光秀という男――伊丹の煙
清盛館を建てる場所を定めると、少弐冬明はさっそく兵庫津を離れることになった。
やはり渡辺満の予想した通りだった。
伊丹から知らせが届いたのである。
織田家の使者、明智光秀が来るという。
少弐はすぐに伊丹へ向かうことを決めた。
「ライラ、来てくれ」
「もちろん」
ライラには護衛を頼む。
一方、渡辺満とエカシロには別の仕事を与えた。
「満、エカシロ。播磨を見てきてほしい」
渡辺が尋ねる。
「城を?」
「いや。まず人だ」
播磨には多くの国人がいる。
誰が誰と結んでいるのか。
どの港に船が集まるのか。
どこに市が立つのか。
誰が織田に近く、誰が毛利に近く、誰がどちらにもつきたくないのか。
そして兵庫津から西へ商いを伸ばすなら、誰と最初に話すべきなのか。
「戦を始めるためじゃない。
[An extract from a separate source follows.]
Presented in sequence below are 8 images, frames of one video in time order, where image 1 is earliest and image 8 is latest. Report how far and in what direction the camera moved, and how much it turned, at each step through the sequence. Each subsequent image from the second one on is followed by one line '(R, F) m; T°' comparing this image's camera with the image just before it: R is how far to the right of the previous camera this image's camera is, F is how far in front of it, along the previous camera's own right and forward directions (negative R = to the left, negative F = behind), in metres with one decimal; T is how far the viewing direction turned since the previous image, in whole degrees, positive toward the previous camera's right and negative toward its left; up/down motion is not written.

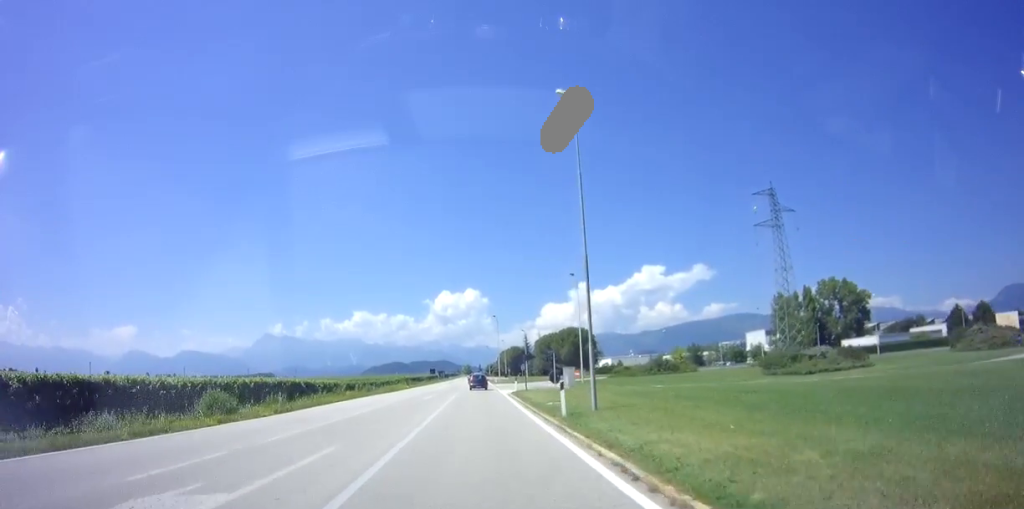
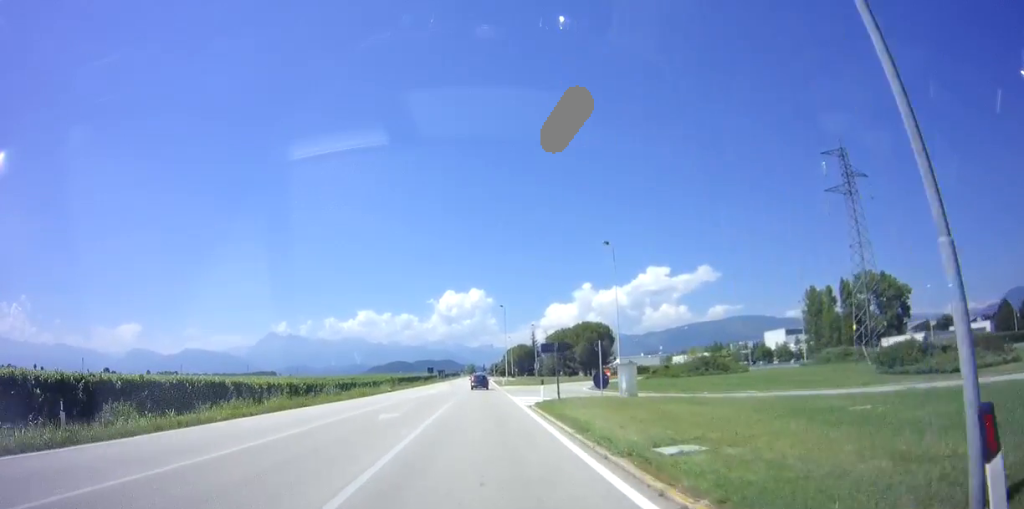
(0.0, +14.5) m; 0°
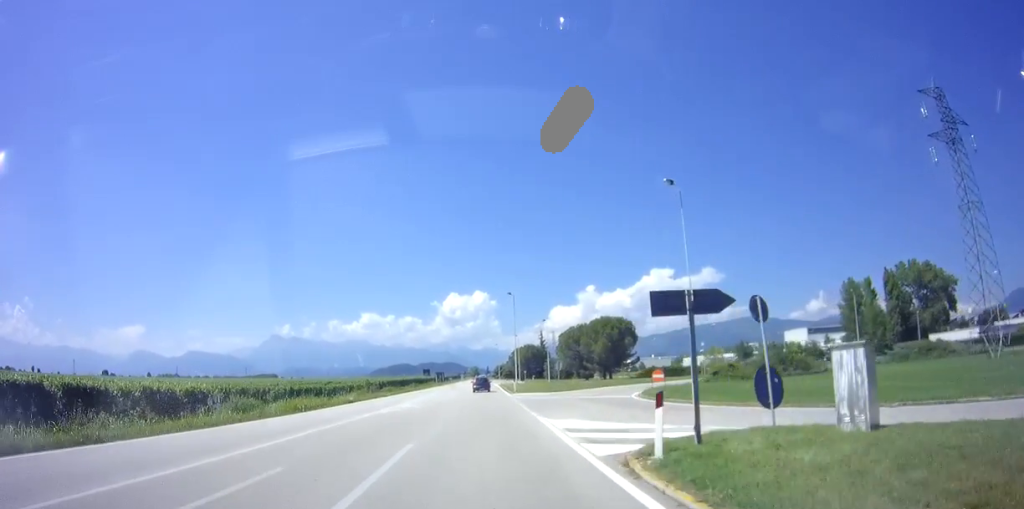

戦をしないために調べてくれ」
「承知」
渡辺は頷いた。
エカシロはもっと簡単だった。
「見てくればいいのか?」
「そうだ」
「分かった」
こうして二人を播磨方面へ送り出し、少弐はライラと伊丹へ戻った。
◇
伊丹に着くと、すでに客はそろっていた。
佐野昌綱。
篠原長房。
そして――明智光秀。
少弐は光秀とはまったく面識がないわけではなかった。
織田と佐野の間で使者として動く男。
佐野からも、
――話のできる男だ。
と聞いている。
部屋へ入った少弐は挨拶を交わした。
そして腰を下ろす前に、持ってきた包みを光秀へ差し出した。
「明智殿、これを」
光秀が少し戸惑う。
「これは?」
「酒です」
「……酒?」
「はい」
光秀は少弐と包みを交互に見た。
初対面に近い相手から、いきなり酒を渡されたのである。
佐野は横で何とも言えない顔をしていた。
篠原は笑いをこらえている。
ライラだけは平然としていた。
少弐が旅先で人に会うたび、酒や食べ物を渡すのを何度も見ている。
北方でも同じだった。
コタンの長にも酒。
アムールでも酒。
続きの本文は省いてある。